— Во-первых, — произнес он, — если кто и недооценил опасность ситуации, так это не Гунц, а я.
Он загнул следующий палец.
— Во-вторых, сегодня в шесть утра Гунц дал в помощь следствию еще сорок человек. Невзирая на мои возражения, смею добавить. Итого, уже шестьдесят. В-третьих, пожалуй, нет другого человека, который так же сильно ненавидит Гунца, как я. Он, конечно, фанатик. Но в полиции трудно сыскать человека без предрассудков. Откуда, по-вашему, нас набирают? Из воскресной школы? Как вам известно, нет среди кандидатов в полицейскую академию и лауреатов Нобелевской премии. В-четвертых, вы мне отвратительны куда больше, чем Гунц. Вы явились, размахивая флагом Израиля, произносите громкие речи о нашем народе и хотите на этом заработать политический капитал, прикрываясь трогательной заботой об Анне Штейнер, Ирвинге Роузуолле и, самое интересное, о Хани Дью Меллон. Тогда как вами движет одна мысль — по трупам этих несчастных пробраться к власти. Да вы после всего — просто дрек мит пфеффер![62] Вы оскорбили меня как человека, как офицера полиции и, наконец, как еврея. Меня от вас блевать тянет. В-пятых, — Голд загнул мизинец, — вон из моего кабинета и никогда больше не появляйтесь здесь.

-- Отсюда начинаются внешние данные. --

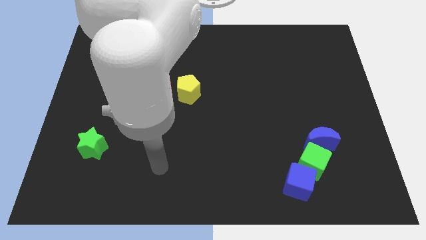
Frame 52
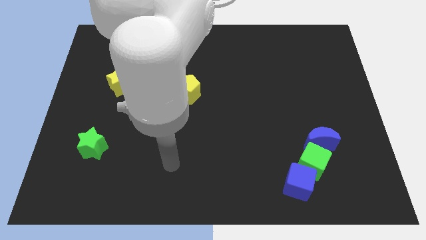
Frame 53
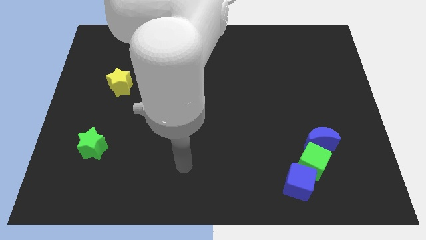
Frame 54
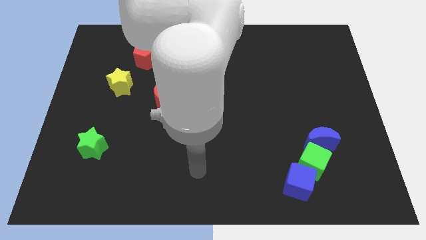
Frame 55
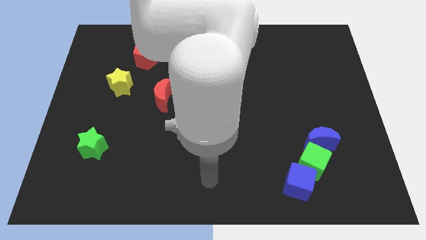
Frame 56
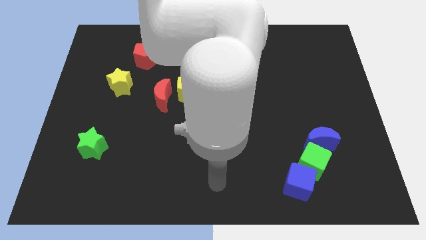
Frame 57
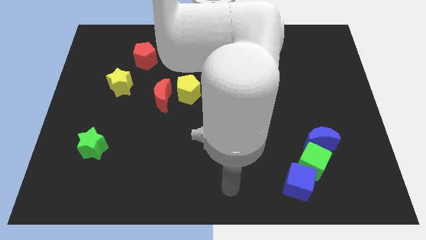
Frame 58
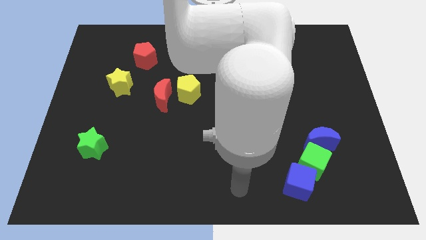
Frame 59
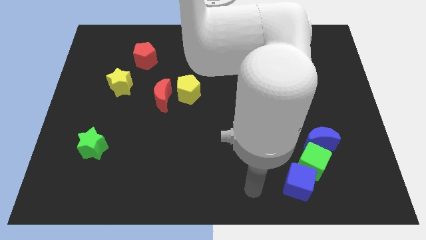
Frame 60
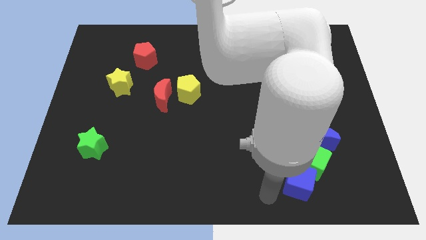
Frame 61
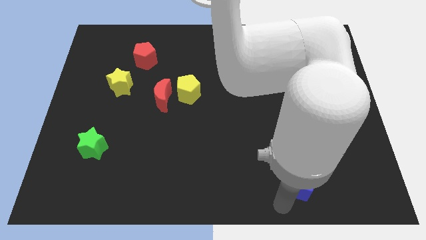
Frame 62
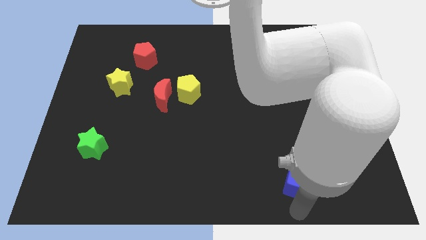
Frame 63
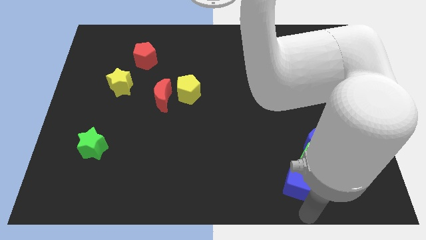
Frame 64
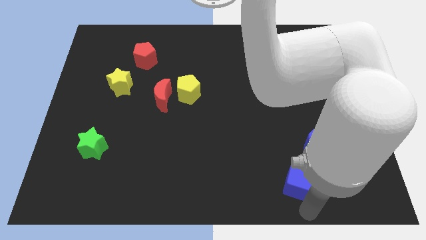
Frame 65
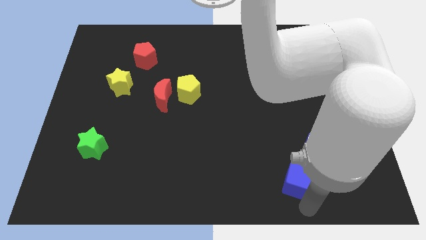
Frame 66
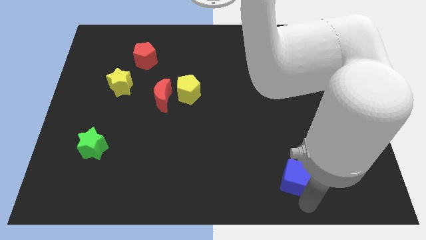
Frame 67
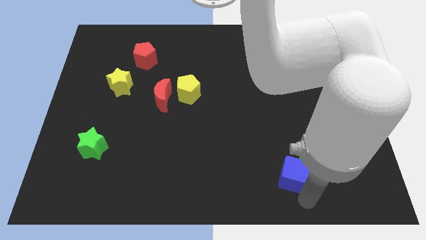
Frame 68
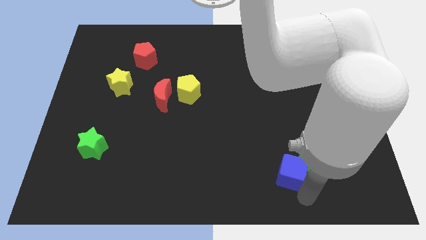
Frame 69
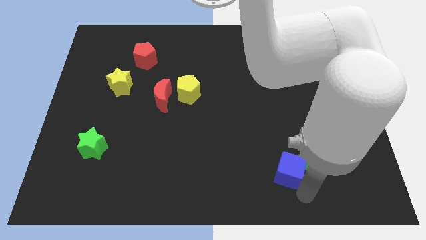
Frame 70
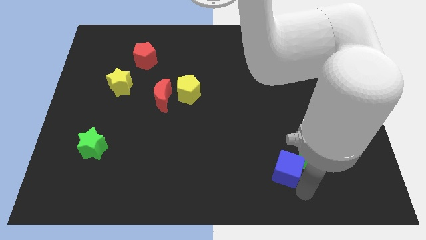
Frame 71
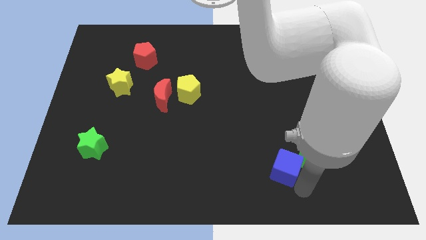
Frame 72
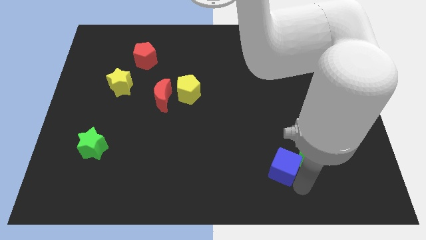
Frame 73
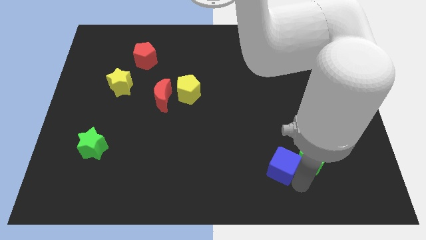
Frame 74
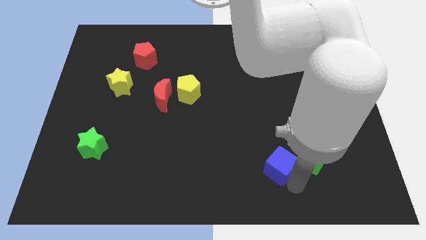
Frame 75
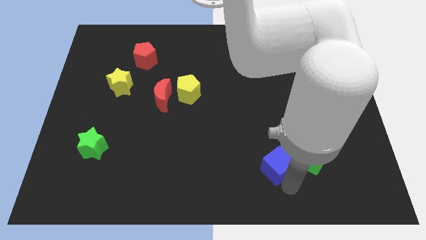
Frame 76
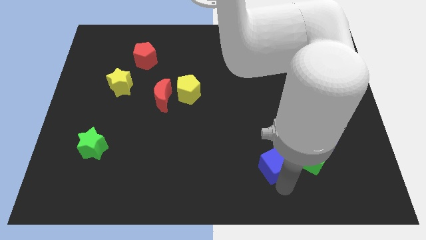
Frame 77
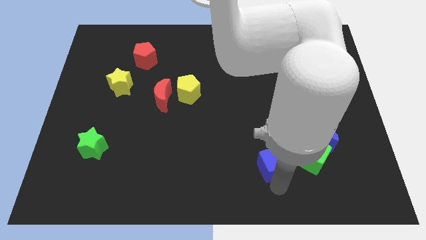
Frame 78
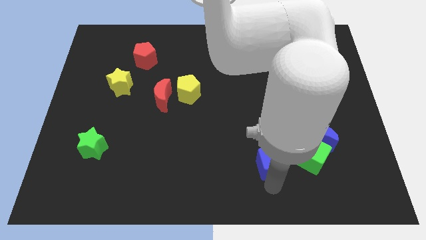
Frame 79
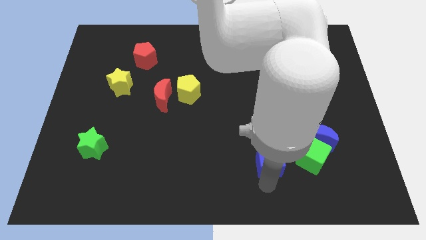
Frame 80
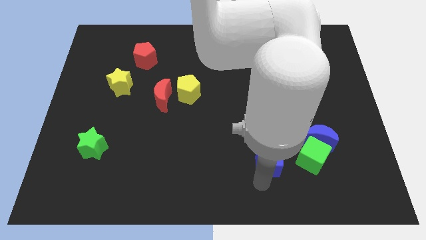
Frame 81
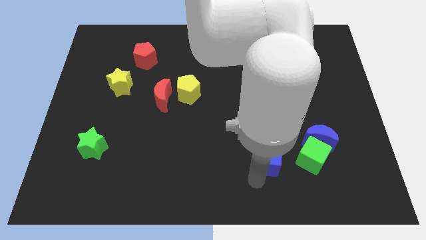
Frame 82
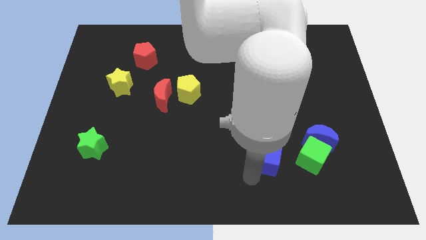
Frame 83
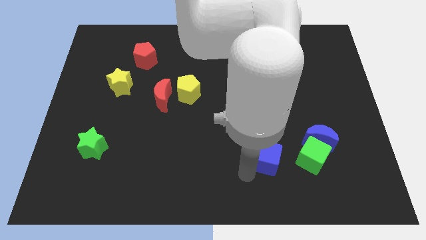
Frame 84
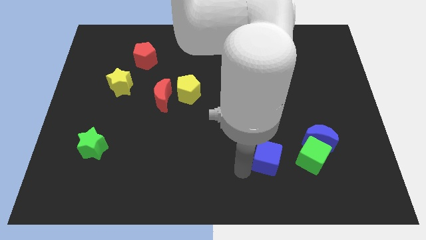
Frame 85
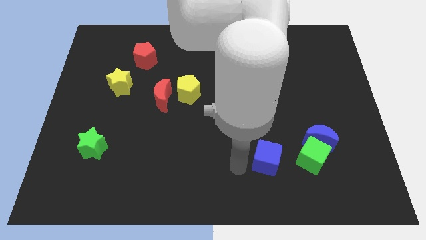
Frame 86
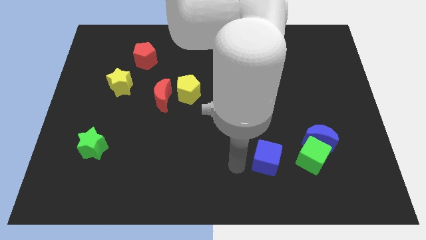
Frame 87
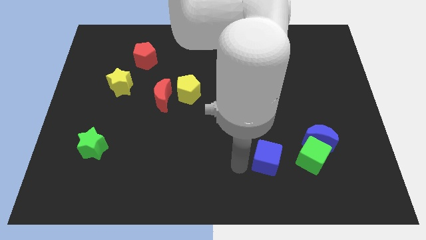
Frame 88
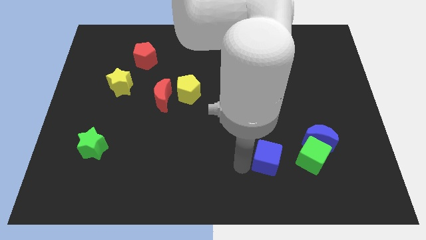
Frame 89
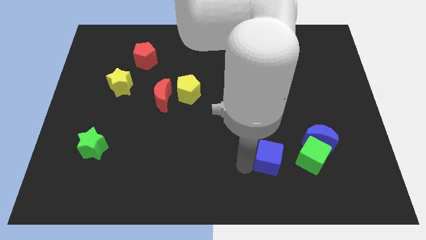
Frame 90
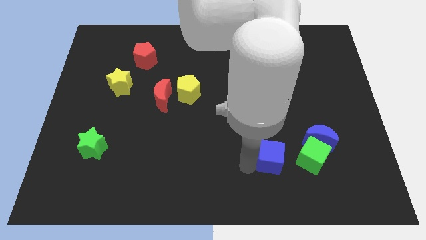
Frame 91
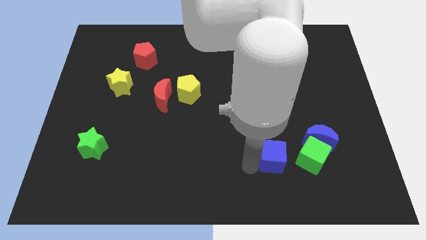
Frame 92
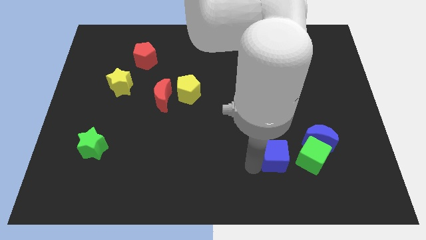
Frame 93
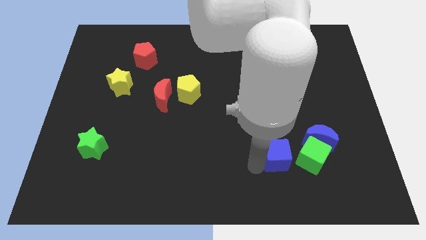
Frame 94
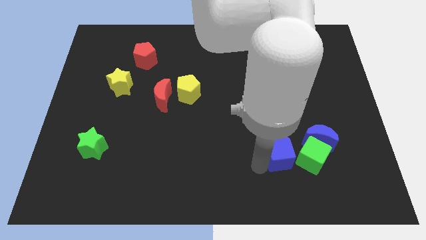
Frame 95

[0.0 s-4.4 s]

Воцарилась гробовая тишина. Слышно было только попискивание компьютера с нижнего этажа. Помощники безмолвно таращились то на Голда, то на Оренцстайна.
Оренцстайн медленно поднялся, одернул пиджак. В его тихом голосе звучала угроза:
— Человеку с вашей репутацией лучше бы не наживать новых врагов.
— Человеку с моей репутацией уже нечего терять. — Голд передернул плечами. — А теперь попрошу вас закрыть за собой дверь.
Оренцстайн в сопровождении помощников мрачно вышел в коридор. На пороге обернулся, многозначительно подняв палец.
— Я вам этого не забуду!
— В чем и не сомневаюсь, — рассмеялся Голд. — Ничуть.
Оренцстайн с силой хлопнул дверью. Замора, давясь от хохота, что-то быстро записывал в блокнот.
— Ну просто черт меня побери!
— Что? — переспросил Голд.
— Не фильм, а конфетка! Просто черт побери! — Он взглянул на Голда. — Как ты думаешь, я не слишком молод для твоей роли?
— Салага! А почему бы тебе не сыграть самого себя?
— Нет, не выйдет. Роль уж больно хиловата. А мой режиссер этого не любит.
Голд встал и потянулся за пиджаком.
— Надо же кому-то в жизни быть и на вторых ролях. Такова жизнь. Пригладь вихры. Мы уходим.
— Куда?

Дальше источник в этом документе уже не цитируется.